In [77]:
from googleapiclient.discovery import build
from google_auth_oauthlib.flow import InstalledAppFlow
from google.auth.transport.requests import Request
import pickle
import os.path
import base64
import email
from bs4 import BeautifulSoup
from datetime import datetime, timedelta, timezone

In [78]:
SCOPES = ['https://www.googleapis.com/auth/gmail.readonly']

In [80]:
def getEmails():
    # Variable creds will store the user access token.
    # If no valid token found, we will create one.
    creds = None

    # The file token.pickle contains the user access token.
    # Check if it exists
    if os.path.exists('token.pickle'):

        # Read the token from the file and store it in the variable creds
        with open('token.pickle', 'rb') as token:
            creds = pickle.load(token)

    # If credentials are not available or are invalid, ask the user to log in.
    if not creds or not creds.valid:
        if creds and creds.expired and creds.refresh_token:
            creds.refresh(Request())
        else:
            flow = InstalledAppFlow.from_client_secrets_file('credentials.json', SCOPES)
            creds = flow.run_local_server(port=0)

        # Save the access token in token.pickle file for the next run
        with open('token.pickle', 'wb') as token:
            pickle.dump(creds, token)

    # Connect to the Gmail API
    service = build('gmail', 'v1', credentials=creds)

    # Request a list of all the messages
    # Calculate the timestamp for 24 hours ago
    now = datetime.now(timezone.utc)
    yesterday = now - timedelta(days=1)
    yesterday_timestamp = int(yesterday.timestamp())
    query = f'after:{yesterday_timestamp} (category:primary OR category:updates)'
    result = service.users().messages().list(userId='me', q=query).execute()
    messages = result.get('messages')

    # Check if messages are returned
    if not messages:
        print("No new messages found.")
        return

    # Messages is a list of dictionaries where each dictionary contains a message id.
    # Iterate through all the messages
    for msg in messages:
        # Get the message from its id
        txt = service.users().messages().get(userId='me', id=msg['id']).execute()
        # Use try-except to avoid any Errors
        try:
            # Get value of 'payload' from dictionary 'txt'
            payload = txt['payload']
            headers = payload['headers']

            # Look for Subject and Sender Email in the headers
            subject = sender = None
            for d in headers:
                if d['name'] == 'Subject':
                    subject = d['value']
                elif d['name'] == 'From':
                    sender = d['value']

            # The Body of the message is in Encrypted format. So, we have to decode it.
            # Get the data and decode it with base64 decoder.

            print(payload)

            if 'parts' in txt['payload']:
                for part in txt['payload']['parts']:
                    if part['mimeType'] == 'text/html':
                        data = part['body']['data']
                        data = data.replace("-", "+").replace("_", "/")
                        decoded_data = base64.b64decode(data)
                        soup = BeautifulSoup(decoded_data, "html.parser")

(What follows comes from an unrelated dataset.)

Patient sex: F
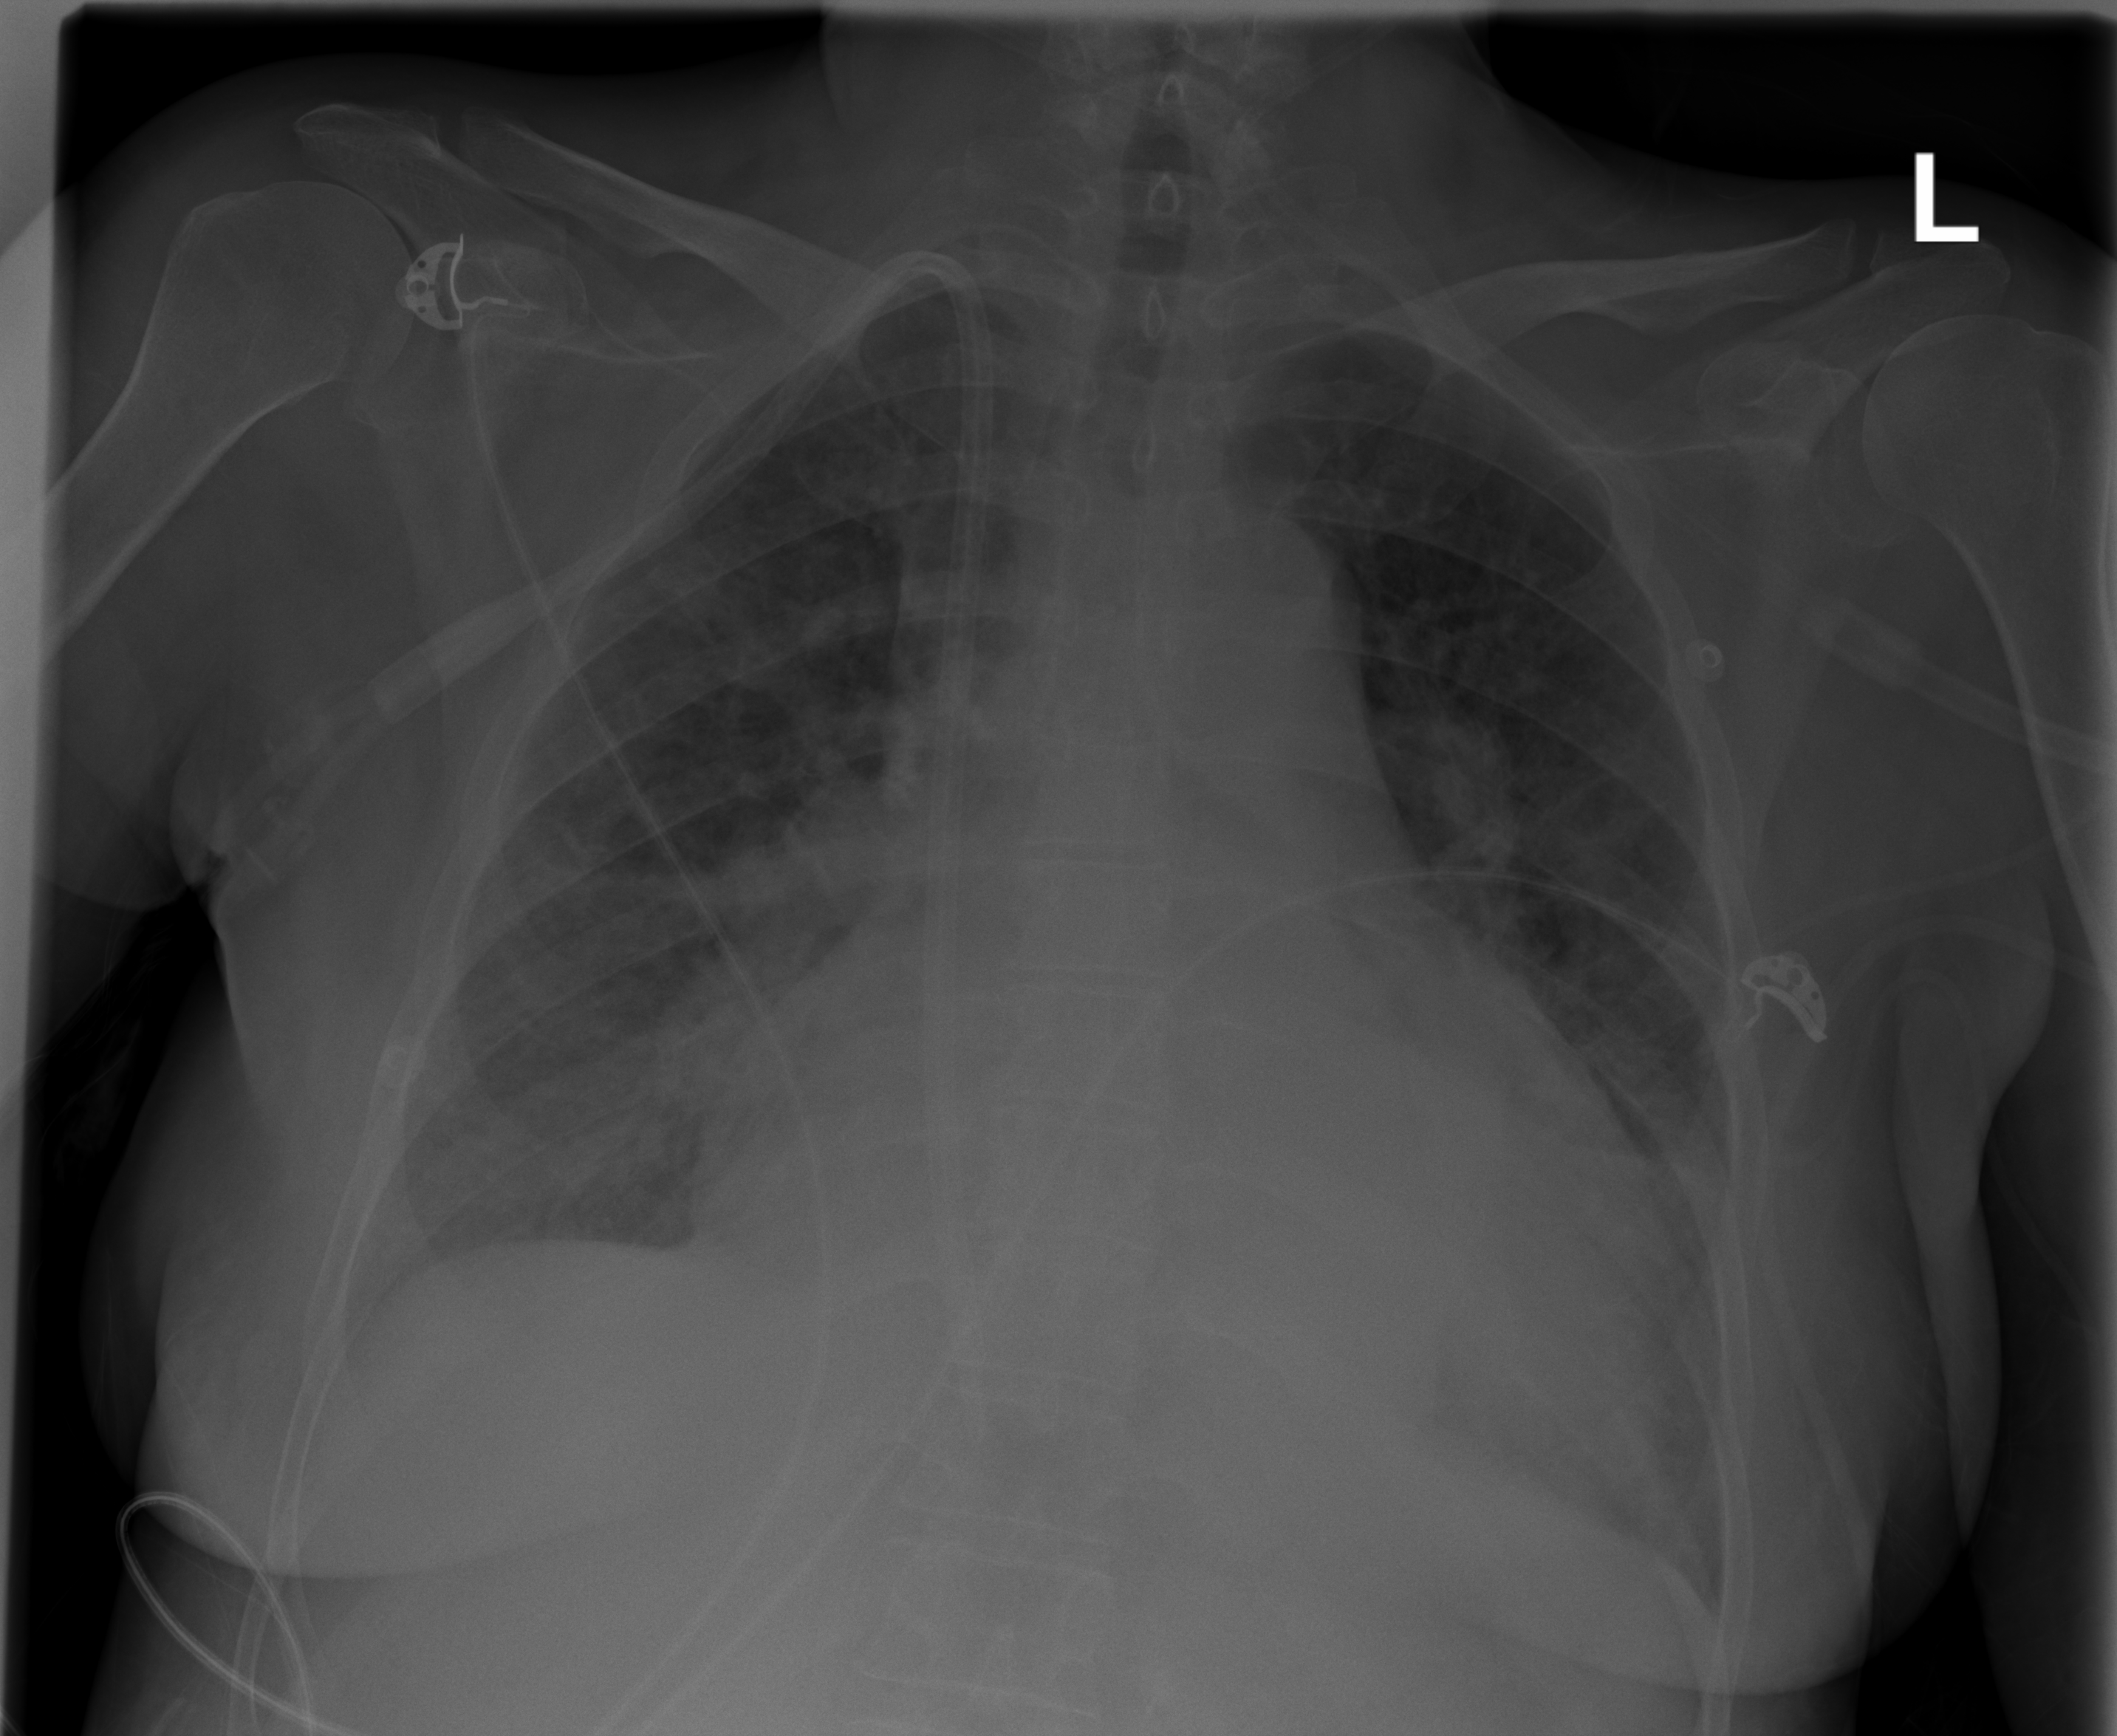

                        # Extract links and append to the text
                        for a in soup.find_all('a', href=True):
                            a_text = f"{a.text} ({a['href']})"
                            a.replace_with(a_text)

                        body = soup.get_text()

                    elif part['mimeType'] == 'text/plain':
                        data = part['body']['data']
                        data = data.replace("-", "+").replace("_", "/")
                        decoded_data = base64.b64decode(data)
                        body = decoded_data.decode('utf-8')
            else:
                data = payload['body'].get('data')
                if data:
                    data = data.replace("-", "+").replace("_", "/")
                    decoded_data = base64.b64decode(data)
                    body = decoded_data.decode('utf-8')

            # Generate a filename
            filename = f"emails/{sender}_{msg['id']}.txt"

            # Write email data to the file
            with open(filename, 'w', encoding='utf-8') as f:
                f.write(f"Subject: {subject}\n")
                f.write(f"From: {sender}\n")
                f.write("Message:\n")
                f.write(body)

        except Exception as e:
            print(f"An error occurred: {e}")
            pass

In [81]:
getEmails()

{'partId': '', 'mimeType': 'multipart/alternative', 'filename': '', 'headers': [{'name': 'Delivered-To', 'value': 'kishanseksaria@gmail.com'}, {'name': 'Received', 'value': 'by 2002:a05:7023:d0c:b0:89:e036:1a49 with SMTP id qs12csp127738dlb;        Sat, 7 Sep 2024 08:06:57 -0700 (PDT)'}, {'name': 'X-Google-Smtp-Source', 'value': 'AGHT+IFCABbdHAX71Mu7laciHnyFTeGDjOdo+Pqhp9gQR8i6qLwHPXOrJGhlS8x8LeOryc8vLVHl'}, {'name': 'X-Received', 'value': 'by 2002:ac8:5812:0:b0:456:7693:8407 with SMTP id d75a77b69052e-4580c7a5947mr84956661cf.56.1725721617249;        Sat, 07 Sep 2024 08:06:57 -0700 (PDT)'}, {'name': 'ARC-Seal', 'value': 'i=1; a=rsa-sha256; t=1725721617; cv=none;        d=google.com; s=arc-20240605;        b=XHiHasbYmTMa0/gAvAVtrtG9si7lqd2nEGUibZHEzcJIxtm4iCZItPFCb1k1GwURPP         W3BD2K8lGkIQbJZjC06sE/qsKrTSBmaodVoTDOHvTIOo6ftSNT6WTGSZY85NhSr3TsYl         J5XwTBy4BHc9bYQ6ozL4olbJLmoYIaiTMhmvzLQgdAH4zl0IaJ7zRqcIDUminbICK6EQ         8jAGAeV7iQ9QA+iXHSV/XoLwAGgcoMGg5ol7uJH8vvYmgEaplXDZWc

In [83]:
import os
import openai
from dotenv import load_dotenv

load_dotenv()
pinecone_api_key = os.getenv("PINECONE_API_KEY")
openai.api_key = os.getenv("OPENAI_API_KEY")

In [84]:
from langchain_core.output_parsers import StrOutputParser
from langchain_core.prompts import ChatPromptTemplate
from langchain_openai import ChatOpenAI

# Prompt
prompt_text = """You are an assistant tasked with summarizing and classifying emails. 

First, summarize the email content concisely and only include the links present corresponding to jobs in the email. Then, classify the email as one of the following categories based on its content. Use the criteria provided for each category:

1. **Job Applied Confirmation**: Emails confirming that a job application has been successfully received or submitted. These emails often thank the applicant for their interest in the position and provide further instructions or timelines for the next steps.

2. **Job Rejection**: Emails that inform the recipient that their application has not been successful. These emails usually contain phrases like "we regret to inform you," "we have decided to move forward with other candidates," or similar language indicating a rejection.

3. **Job Offered**: Emails that offer a job to the recipient. They often include details about the job offer, such as position title, salary, benefits, and instructions for how to accept the offer.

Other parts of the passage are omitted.